I disagree with you. If the risk is 100% as it is with some ALS-causing gene mutations, as well as one that runs in my (in-law) family, it's does indeed alone explain risk. At least for the disease in my family, timing of onset is relatively consistent too (+/- 5 years or something). And maybe more importantly, the pathology is such that internal damage is happening for years, probably decades, before the first outward symptoms appear. If "family member noticed a tiny little problem that maybe was nothing, maybe the first symptom of the disease, but was concerned enough to go to the doctor" is the criteria for diagnosing the disease, and starting treatment, that's way, way more subjective and silly than looking for a specific gene mutation that causes the underlying pathology.
In the liability threshold model for disease, complex traits can certainly have monogenic variants that essentially guarantee that disease will occur. For example, homozygous FH (LDLR) will cause clinical disease onset in infancy or early childhood. But most people with FH don’t have homozygous FH.

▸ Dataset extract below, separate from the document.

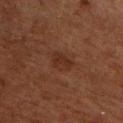The lesion was tiled from a total-body skin photograph and was not biopsied. From the front of the torso. Cropped from a whole-body photographic skin survey; the tile spans about 15 mm. Imaged with cross-polarized lighting. A male subject, roughly 60 years of age. Approximately 3.5 mm at its widest.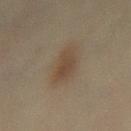• notes — total-body-photography surveillance lesion; no biopsy
• location — the mid back
• subject — female, aged around 45
• diameter — ≈4 mm
• acquisition — total-body-photography crop, ~15 mm field of view

In fact, we know that ALS is a complex disease because we know that common genetic variants influence ALS risk, but that doesn’t mean that every monogenic ALS variant is going to have its penetrance and onset modified to the same degree. So by saying that ALS is a complex disease I don't mean to take away from the fact that for some families, their causal variant may have a consistent effect with only minimal variation from the genetic background.
I’m fully supportive of preventive therapy. I think that is the actual future of medicine. And so I am a big fan of the idea of using genetics to identify a population at risk, doing individual biochemistry (or whatever endophenotype people use - perhaps imaging or other measurements) to see if the pathophysiologic process is occurring, and treating to prevent disease.